Today, we’re going to look at slope — the grade of a straight line on the coordinate plane. Specifically, we’re looking at how to use the rise over run formula to measure a line’s slope. This is sometimes also called the “slope formula,” which states that slope = (change in y)/(change in x), or (y1 − y2)/(x1 − x2). (Many of Maghoosh’s test prep students ask us about slope formula and rise over run, especially as it pertains to Magoosh GMAT coordinate geometry and Magoosh GRE coordinate geometry.)

## In the Slope Formula, what is Rise Over Run?

As you consider the slope formula, remember that there are two ways to talk about slope: graphically and numerically. “Rise” and “run” are just ways of thinking about how we could generate a line. For example, if we have a slope of 2 and we’re on one point, we would move up 2 (rise) and to the right 1 (run) to find the next point. Take (0,0) as our starting place, which is the red point in the picture below. Up 2 (in the positive vertical direction) and to the right 1 (in the positive horizontal direction) would be the point (1,2). We can keep going. We could go up 2 more and to the right 1 more and we get to (2,4). Then, if we repeat this process again and we get to (3,6), and then (4,8), and so on.

Each point is up 2 and 1 to the right from the previous point. With a positive slope like 2, we can also go down 2 and to the left 1. It’s really just doing the up 2 and to the right 1 in reverse. If we started at (4,8), down 2 and to the left 1 would be (3,6), then (2,4), then (1,2). Finally, we’re back at (0,0), and we could keep going. (–1,–2), (–2,–4), and so on.

## Finding Points and Building the Line With the Rise Over Run

Many problems rely on this approach — we use the slope formula to generate points on the line. Of course, lines are a collection of ALL points that are related by a given slope. You can see it in the image above. This is the line defined by the equation y = 2x, and if we graphed y = 2x we’d fill in all the gaps to make a straight line:

We can use the rise/run method to generate those points too! Remember we want a rise of 2 and a run of 1, but we don’t have to step by 2 and 1 to generate points. What about a rise of 1 and a run of ½? 1 divided by ½ is 2, just like 2 divided by 1. Start from (0,0) just like we did before. Next, go up by 1 and right by ½:

## Decimals or Exponentially Large Numbers in the Rise Over Run

What about a rise over run that’s much smaller? How will rise over run be applied to the slope formula in that case?

0.1/0.05 = 2, so it’s still equivalent to a slope of 2.

It should be clear at this point that as long as the ratio of the y vertical component and the x horizontal component is equal to 2 in the slope formula, then the point will still be on the line.
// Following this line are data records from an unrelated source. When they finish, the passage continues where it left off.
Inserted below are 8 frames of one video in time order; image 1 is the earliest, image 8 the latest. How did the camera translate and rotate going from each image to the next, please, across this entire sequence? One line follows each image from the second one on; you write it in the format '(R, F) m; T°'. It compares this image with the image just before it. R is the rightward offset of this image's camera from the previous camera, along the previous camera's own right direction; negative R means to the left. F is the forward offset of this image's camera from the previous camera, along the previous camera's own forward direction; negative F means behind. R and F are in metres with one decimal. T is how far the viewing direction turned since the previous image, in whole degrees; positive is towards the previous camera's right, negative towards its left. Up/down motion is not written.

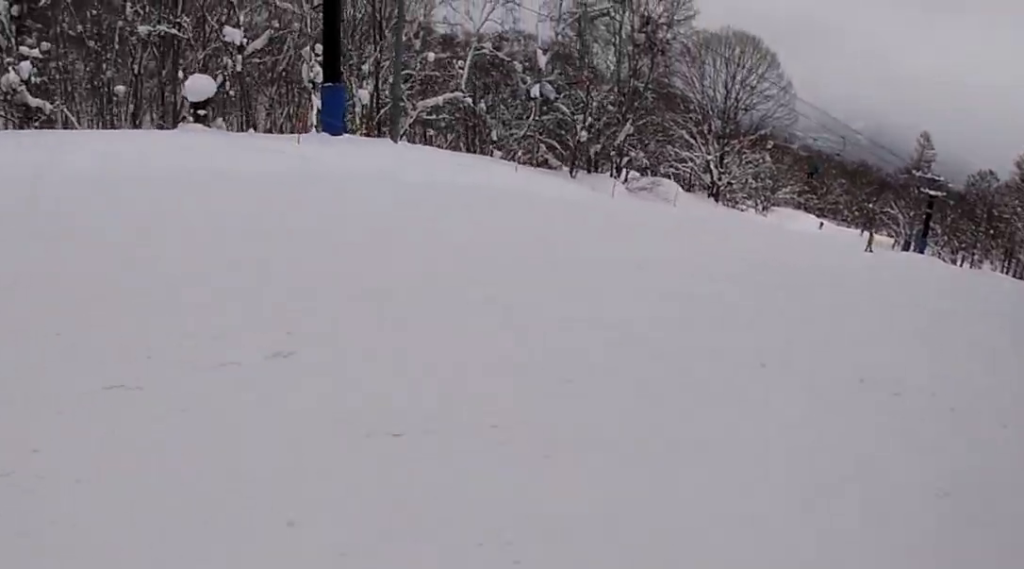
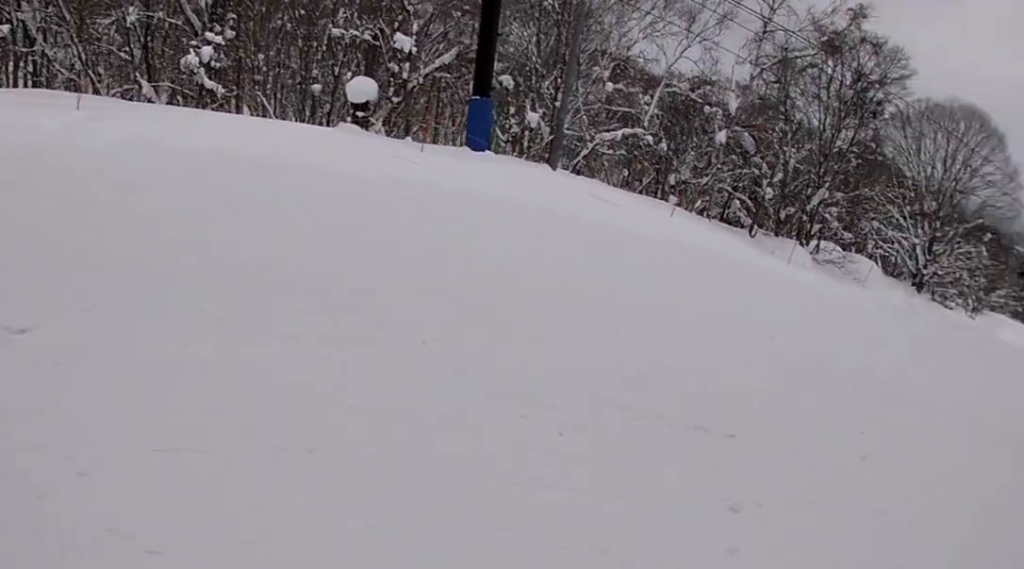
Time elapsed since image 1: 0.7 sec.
(-0.5, +2.9) m; -16°
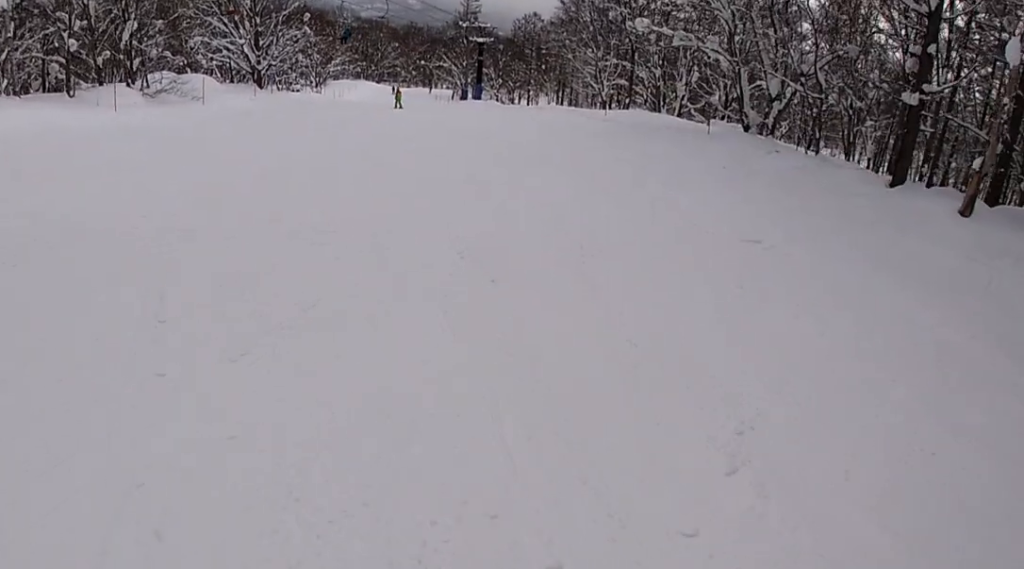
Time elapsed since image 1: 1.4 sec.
(-0.7, +2.6) m; -14°
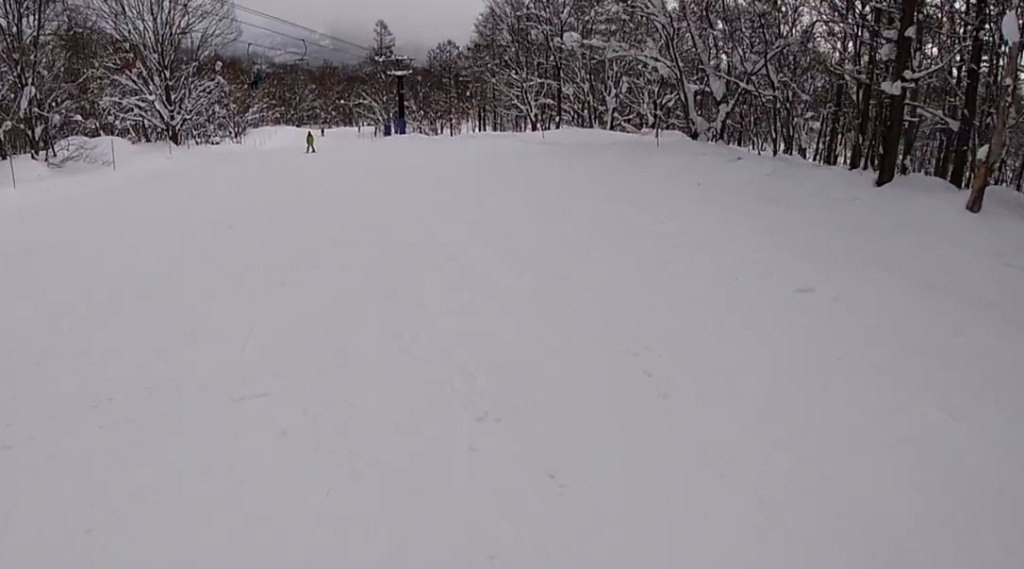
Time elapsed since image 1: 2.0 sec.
(0.0, +3.1) m; +15°
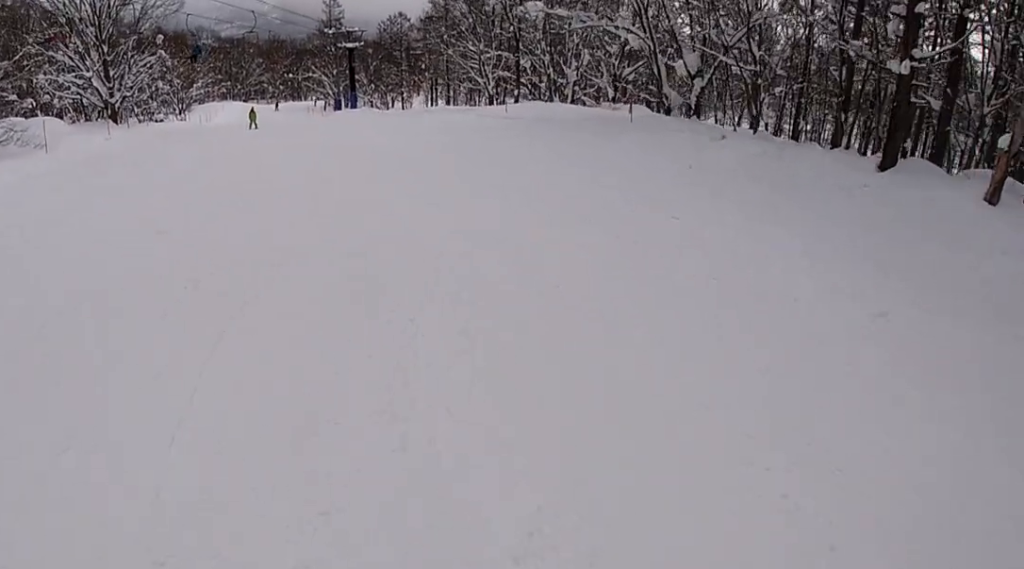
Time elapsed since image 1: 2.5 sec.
(+0.1, +2.0) m; +7°
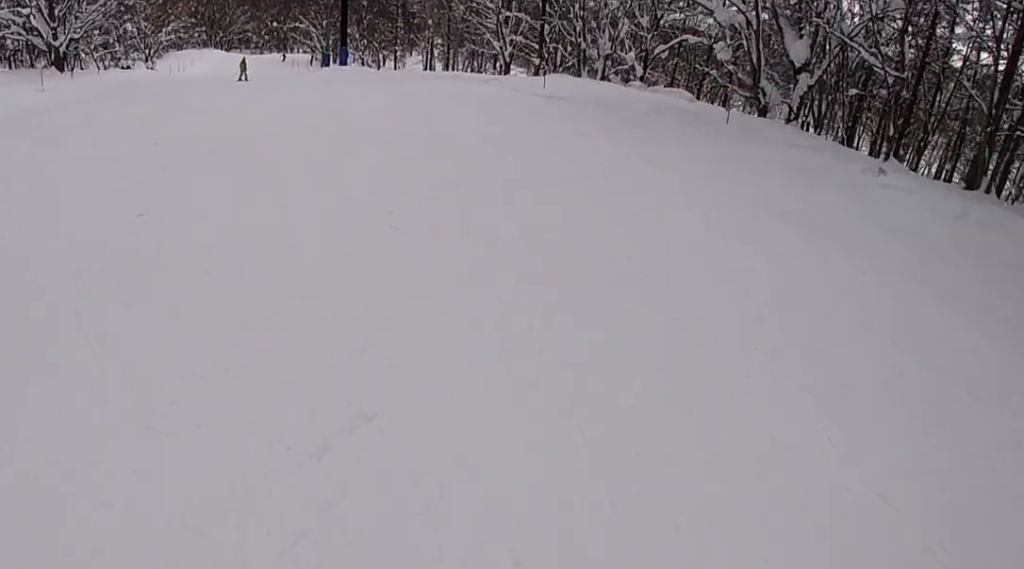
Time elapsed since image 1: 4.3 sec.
(0.0, +7.4) m; -3°
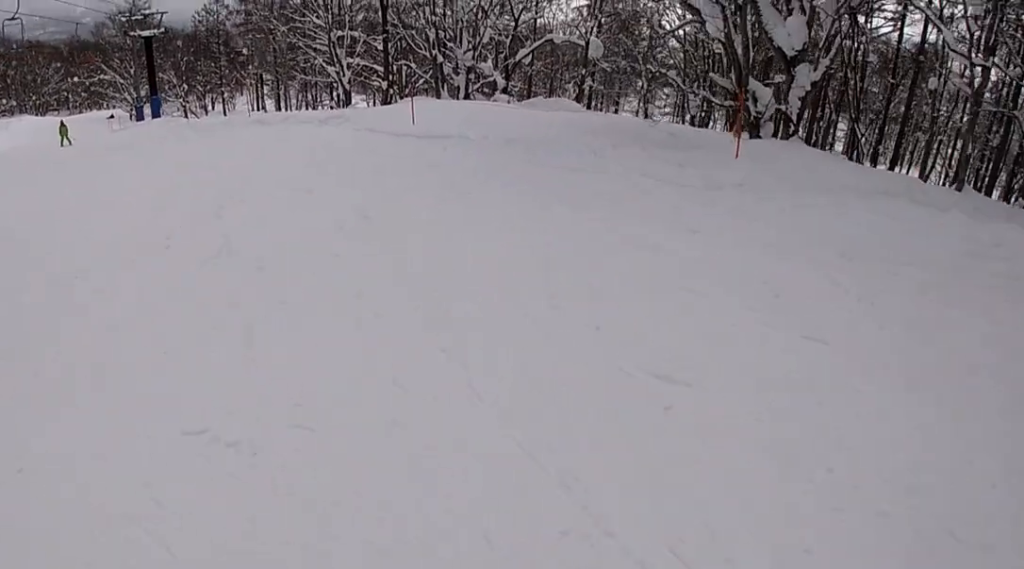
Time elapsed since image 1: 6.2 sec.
(+2.2, +9.0) m; +14°
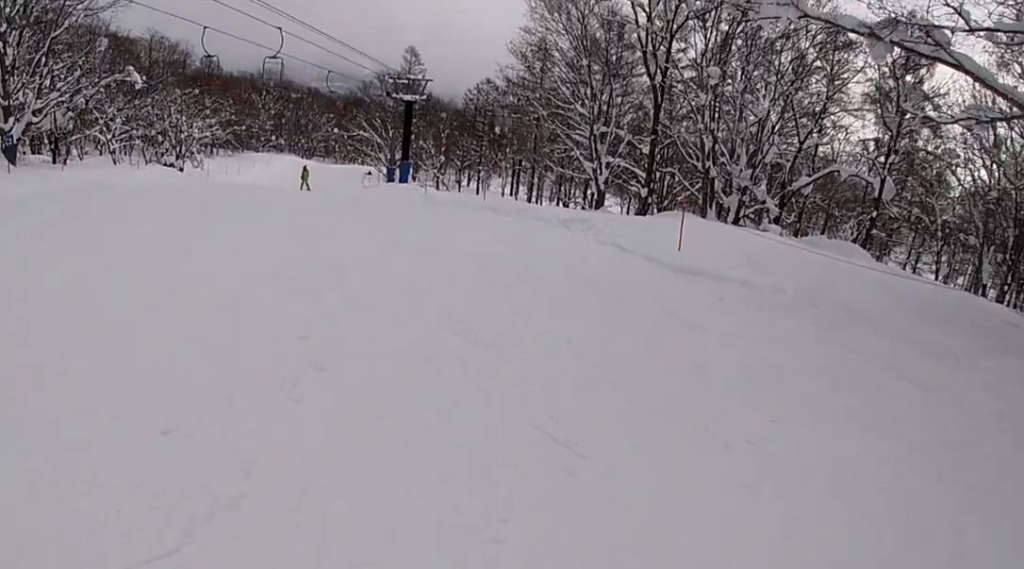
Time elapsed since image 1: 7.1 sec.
(0.0, +4.2) m; -9°

We can take as small a step in the slope formula as we want:

And as large a rise over run step as we want:

If the step in the vertical direction we take is twice the step in the horizontal direction — if the ratio of rise/run is 2/1, then the point will be on the line. That’s it! Whatever slope you get in a problem, you can use rise/run to determine where another point on the line will be.

## A Special Note on Fractions and How they Impact the Slope Formula

One final point before we close. Fraction slopes have an added complexity, even though they’re really not any different. Certainly, if we have a slope of –2/3, you can read the rise and run right off the fraction. We go down 2 and right 3 or up 2 and left 3.

Remember that in the slope formula, up and right are positive and down and left are negative. That means that when we combine those actions, up+right and down+left are positive and up+left and down+right are negative. That’s because for up and right, rise over run involves dividing a positive number by a positive number, which gives a positive slope. If it were down and left, then rise over run would be a negative number divided by a negative number, which also gives a positive slope. If we went down and right, the slope formula would involve a negative number divided by a positive number which gives a negative slope. Finally, up and left would be a positive number divided by a negative number, so the slope would be negative.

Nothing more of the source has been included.